= Town and country planning in Wales =

Urban planning in Wales

Town and country planning in Wales is largely based on the land use planning system used in England. However, the system in Wales has some distinctive features which have arisen because substantial responsibility for town and country planning has been devolved to the Welsh Government. In particular, Wales now has a Spatial Plan and Welsh Ministers have a duty under the Government of Wales Act 2006 to promote sustainable development.

==Overall planning policy in Wales==

The context for planning policy in Wales is contained within two main documents, Planning Policy Wales, which provides guidance on the preparation and content of development plans and advice on development control decisions and appeals; and Minerals Planning Policy Wales, which gives guidance for the extraction of all minerals and other substances in, on or under land. Taken together with supporting documents, these cover the same broad areas as Planning Policy Statements in England.

They are supplemented by a series of topic-based Technical Advice Notes (TANs) and Minerals Technical Advice Notes (MTANs). Changes or updates to planning policy are issued in Ministerial Interim Planning Policy Statements (MIPPs). Circular letters provide advice and guidance on specific topics.

==Wales Spatial Plan==

The Wales Spatial Plan was published by the Welsh Assembly in 2004. The Plan is in some respects similar to a Regional Spatial Strategy in England, but is less prescriptive and broader than land use planning, setting out a wider-ranging spatial vision and strategy:
- Provide a clear framework for future collaborative action involving the Welsh Assembly Government and its agencies, local authorities, the private and voluntary sectors to achieve the priorities it sets out nationally and regionally
- Influence the location of expenditure by the Assembly Government and its agencies
- Influence the mix and balance of public sector delivery agencies’ programmes in different areas
- Set the context for local and community planning
- Provide a clear evidence base for the public, private and voluntary sectors develop policy and action

An update to the Wales Spatial Plan, People, Places, Futures, was published for consultation in early 2008. It sets a vision for how each part of Wales should develop economically, socially and environmentally over the next 20 years and will guide the way the Government spends its money over the coming years.

There are six spatial plan areas to represent regional perspectives in Wales. Each area group is chaired by a cabinet minister. The areas are:
- Central Wales
- North East Wales – Border and Coast
- North West Wales – Eryri a Môn
- Pembrokeshire – The Haven
- South East Wales – Capital Network
- Swansea Bay – Waterfront and Western Valleys

==Local Development Plans==

Following the Planning and Compulsory Purchase Act 2004, each unitary authority in Wales is required to prepare a local development plan (LDP) for its area. These will replace the previous unitary development plans (UDPs), and will become the sole development plans for each council and National Park. Authorities in Wales must have regard to WAG planning policy documents, including the Wales Spatial Plan, in preparing LDPs. Unlike the LDF arrangement in England, the LDP will be a single document, setting out strategy as well as site-specific and development control policies.

==Development control==

Development control is the process of administering and making decisions on planning applications, to develop or change the use of land or buildings. The basis for decisions on planning applications is usually the adopted development plan.

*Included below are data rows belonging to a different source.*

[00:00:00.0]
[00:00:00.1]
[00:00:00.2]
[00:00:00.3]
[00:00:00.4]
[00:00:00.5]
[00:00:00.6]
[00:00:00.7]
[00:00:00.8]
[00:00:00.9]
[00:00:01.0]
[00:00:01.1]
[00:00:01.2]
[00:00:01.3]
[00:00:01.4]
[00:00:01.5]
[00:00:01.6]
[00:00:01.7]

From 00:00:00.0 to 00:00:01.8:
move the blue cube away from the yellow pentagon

==Planning and Environment Decisions Wales==

Planning and Environment Decisions Wales (PEDW; Penderfyniadau Cynllunio ac Amgylchedd Cymru, PCAC) is the planning division of the Welsh Government.

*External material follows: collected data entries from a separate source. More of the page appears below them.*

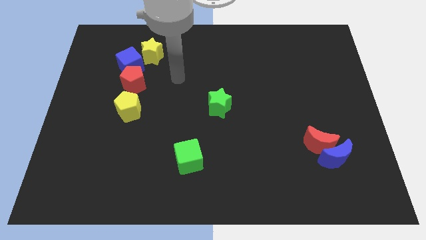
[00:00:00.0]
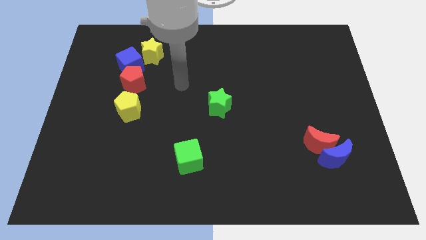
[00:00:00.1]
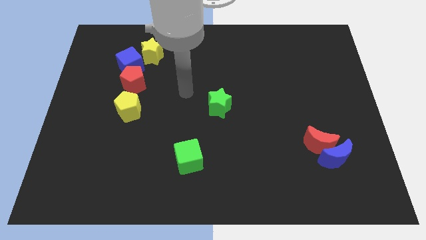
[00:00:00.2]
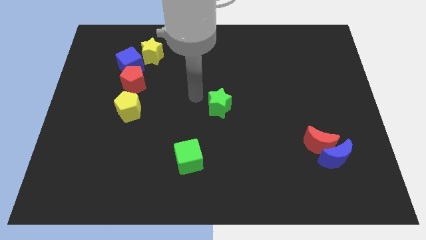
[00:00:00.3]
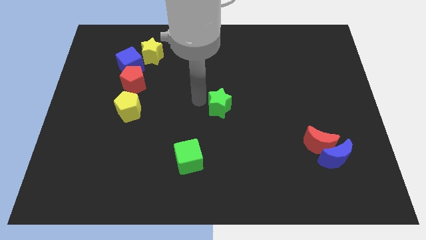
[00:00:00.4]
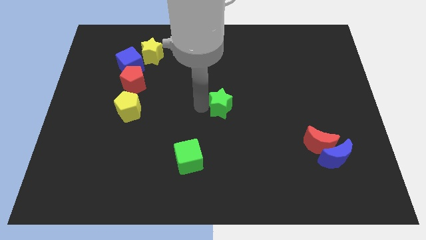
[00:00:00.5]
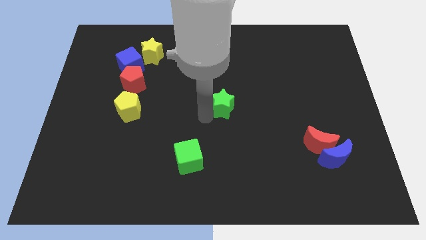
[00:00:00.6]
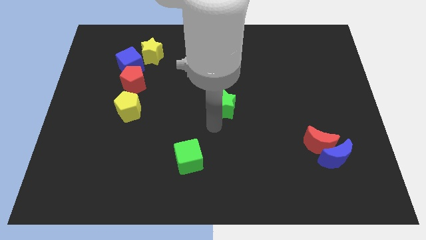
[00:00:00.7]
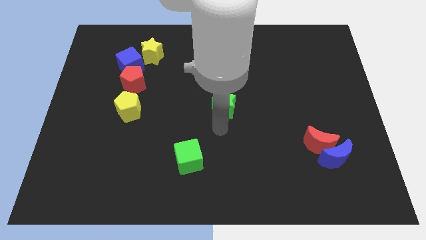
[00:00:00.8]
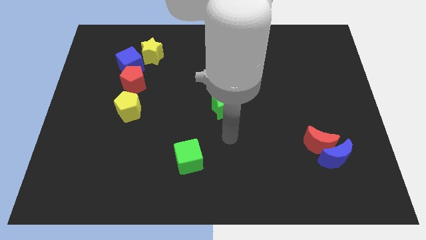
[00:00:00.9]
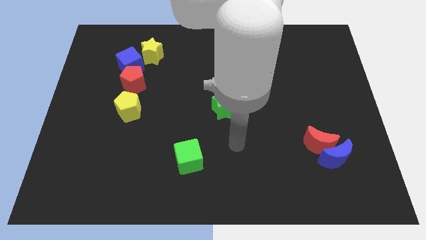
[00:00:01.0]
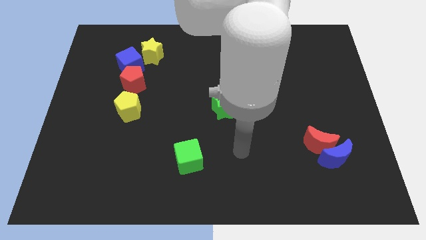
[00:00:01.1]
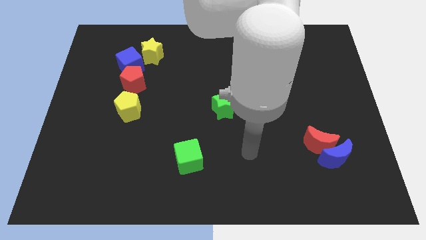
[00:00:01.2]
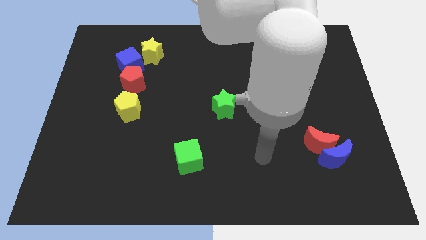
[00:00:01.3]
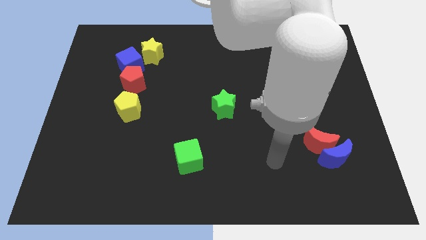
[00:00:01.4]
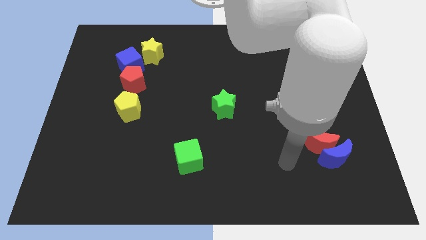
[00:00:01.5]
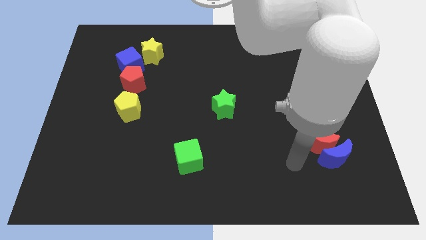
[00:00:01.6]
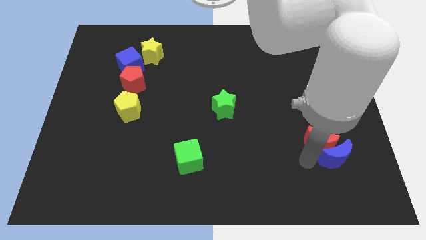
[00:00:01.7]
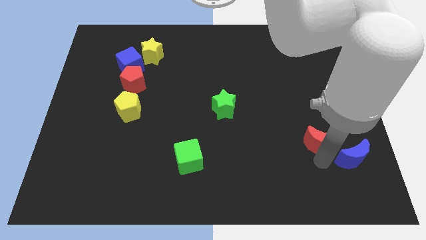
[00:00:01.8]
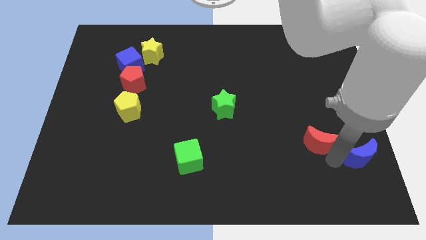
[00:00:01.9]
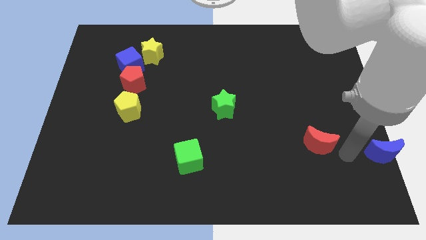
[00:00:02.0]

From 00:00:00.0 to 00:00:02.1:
separate the red moon from the blue moon

It replaced Planning Inspectorate Wales (Arolygiaeth Gynllunio Cymru) on 1 October 2021, though the inspectors and staff from the Planning Inspectorate were transferred to the new body. PEDW would handle cases for "developments of national significance", although nationally significant infrastructure projects in Wales under the Planning Act 2008 would remain with the Planning Inspectorate.

PEDW manages the casework in the public interest that relates to the development and use of land. It is responsible for:

- planning and enforcement appeals,
- environmental appeals,
- applications for developments of national significance,
- strategic and local development plans,
- compulsory purchase orders
- major infrastructure projects
- common land
- rights of way
- sustainable drainage systems
- stop and remediation services
- advice and training

They have 20 inspectors and 25 support staff.

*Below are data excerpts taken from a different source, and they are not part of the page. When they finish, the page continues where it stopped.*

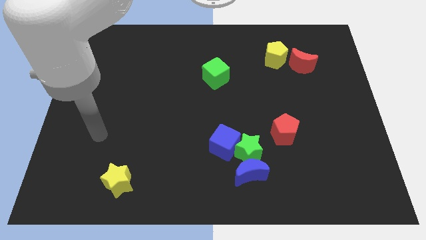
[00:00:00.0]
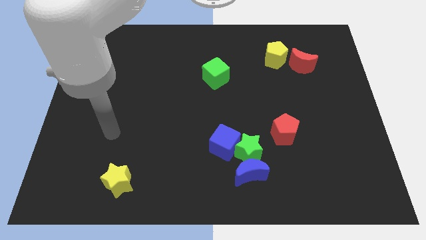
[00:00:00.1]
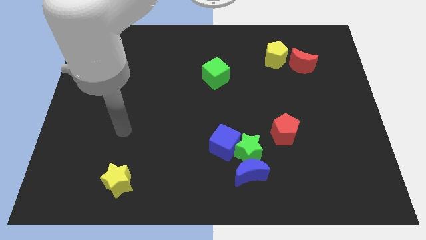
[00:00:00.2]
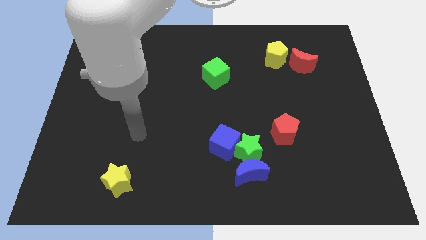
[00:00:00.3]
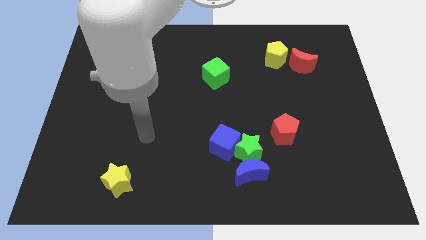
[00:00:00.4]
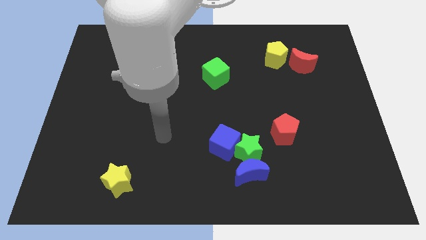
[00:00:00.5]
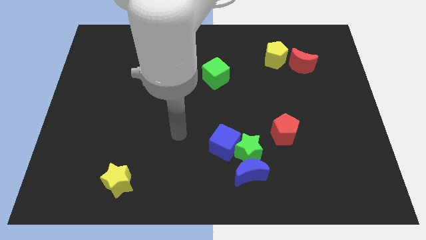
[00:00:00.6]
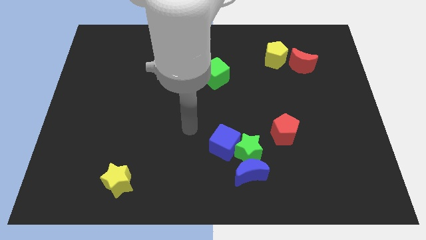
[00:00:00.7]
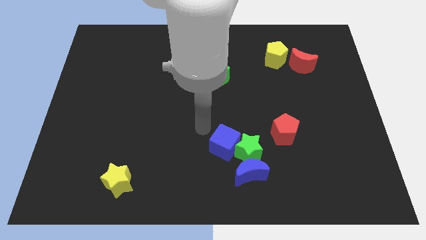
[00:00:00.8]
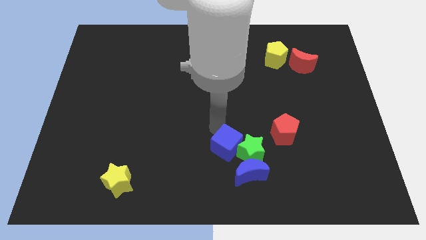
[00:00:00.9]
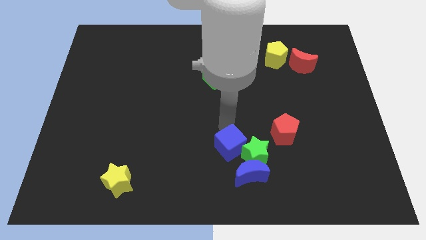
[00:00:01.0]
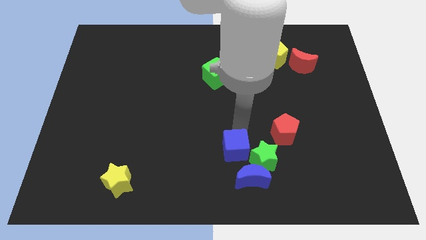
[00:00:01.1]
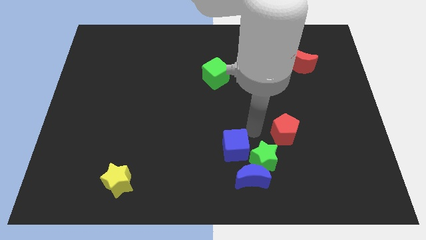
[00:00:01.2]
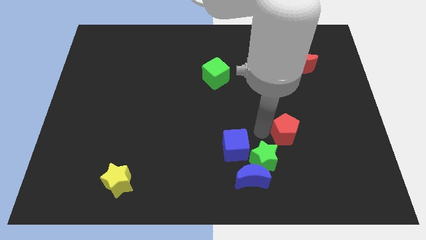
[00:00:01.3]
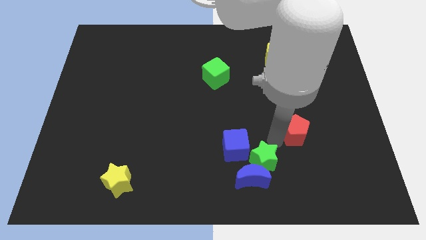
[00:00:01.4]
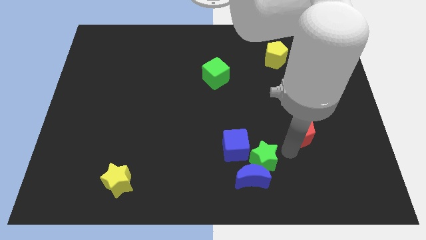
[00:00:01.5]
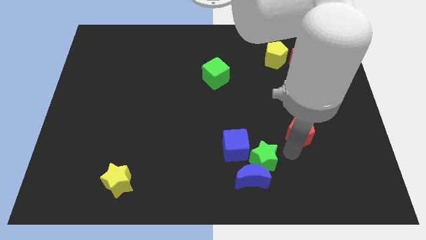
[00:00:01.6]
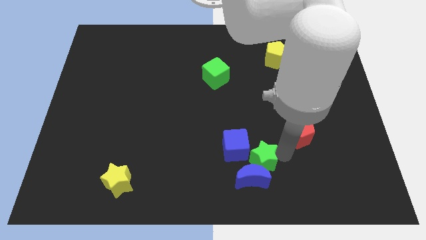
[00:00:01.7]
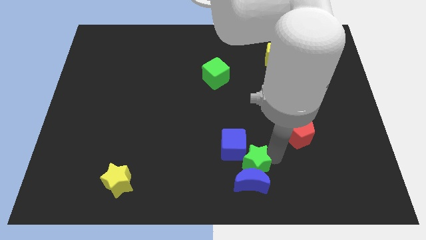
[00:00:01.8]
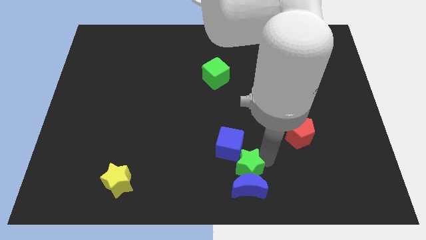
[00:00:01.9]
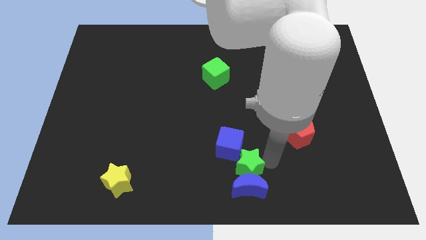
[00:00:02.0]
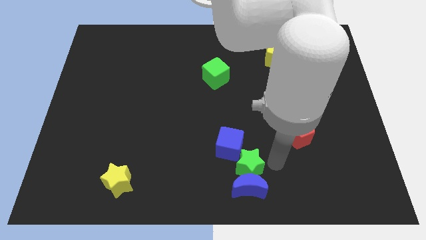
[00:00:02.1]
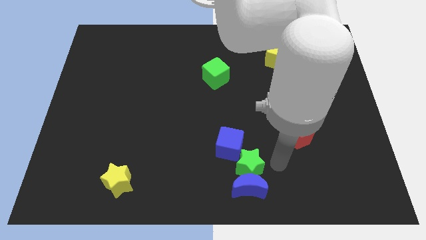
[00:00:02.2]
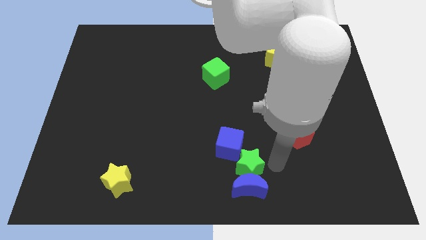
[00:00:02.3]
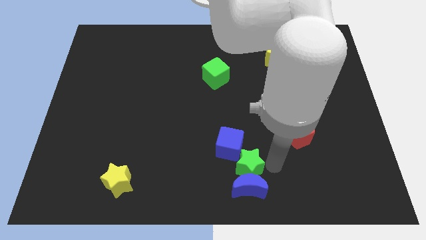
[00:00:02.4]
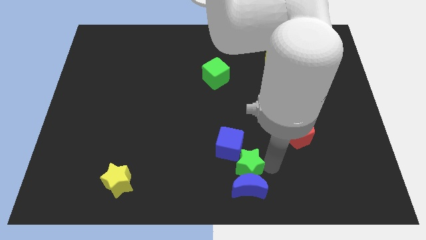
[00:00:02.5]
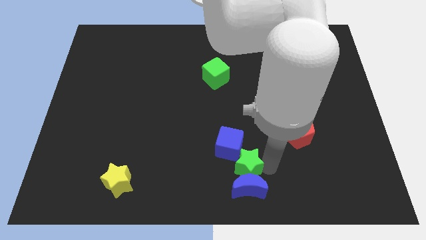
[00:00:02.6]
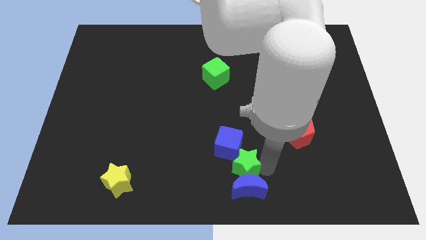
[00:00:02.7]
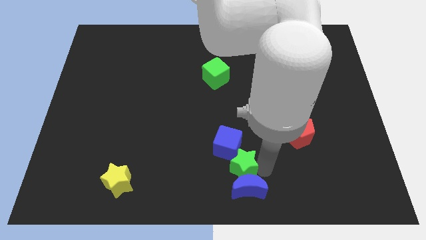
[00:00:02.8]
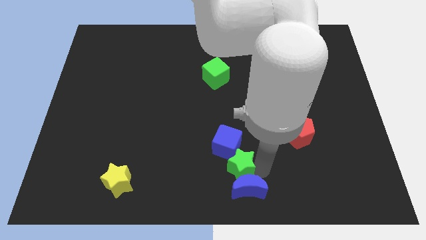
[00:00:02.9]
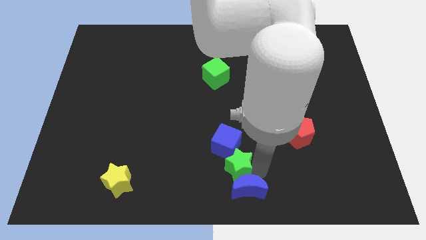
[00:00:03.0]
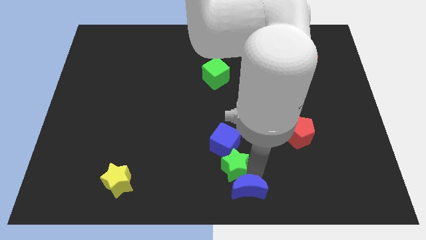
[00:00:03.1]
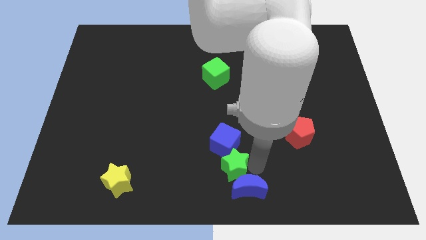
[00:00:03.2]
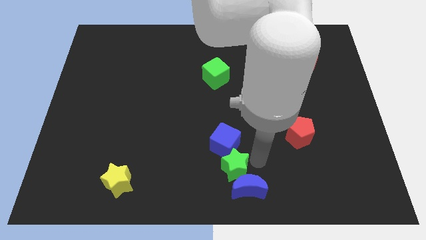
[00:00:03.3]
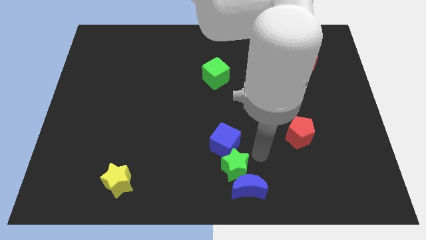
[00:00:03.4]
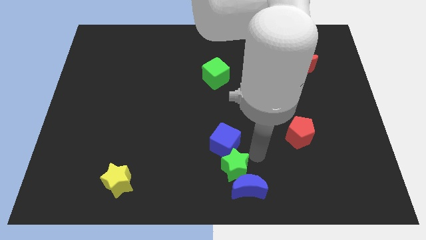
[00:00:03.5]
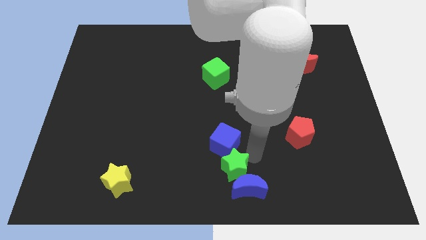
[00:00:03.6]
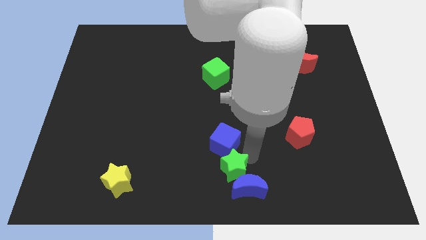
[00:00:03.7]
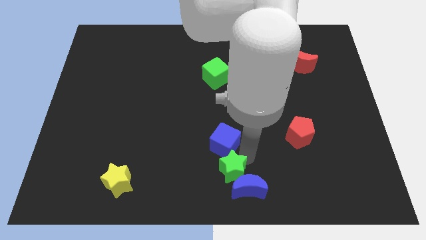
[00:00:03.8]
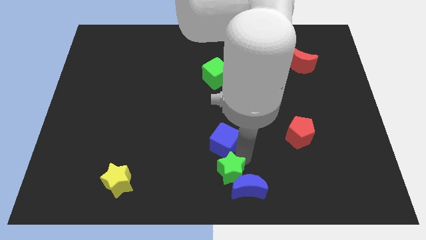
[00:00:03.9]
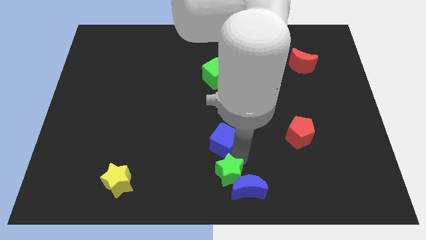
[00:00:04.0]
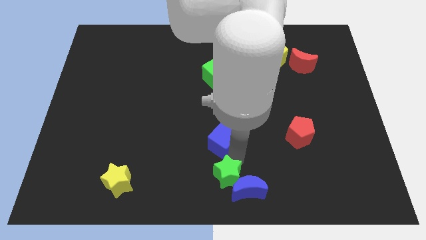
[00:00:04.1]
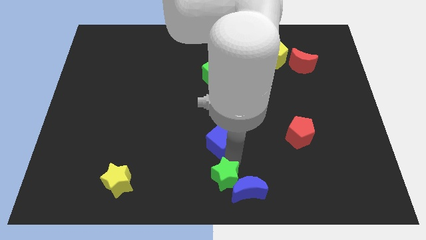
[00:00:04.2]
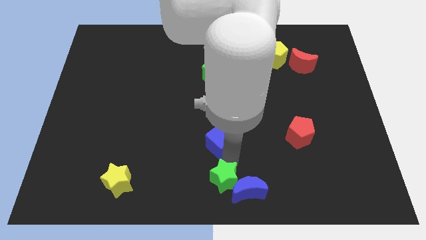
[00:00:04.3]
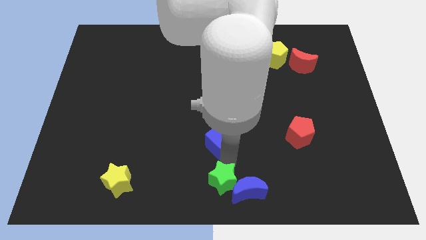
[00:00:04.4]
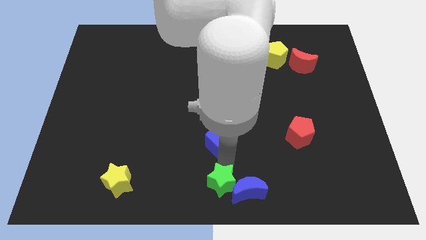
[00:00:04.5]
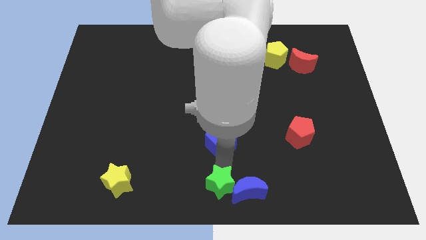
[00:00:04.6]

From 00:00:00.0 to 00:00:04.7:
separate the green star from the group of blocks

If a local planning authority (either one of the 22 councils or 3 national park authorities) rejects a planning application, PEDW deals with any appeals of that decision.

In October 2024, councillors of Blaenau Gwent County Borough Council described PEDW's decisions as "inconsistent" or "disregard[ing] some of [the council's] localised policies", following the overruling of the council's rejection of a planning application.

In November 2024, Rebecca Evans, Cabinet Secretary for Economy, Energy and Planning, announced that PEDW would take final decisions on renewable energy projects themselves rather than making recommendations to ministers who would then make a decision. Evans stated the change hoped to speed up the approval process for renewable energy projects in Wales.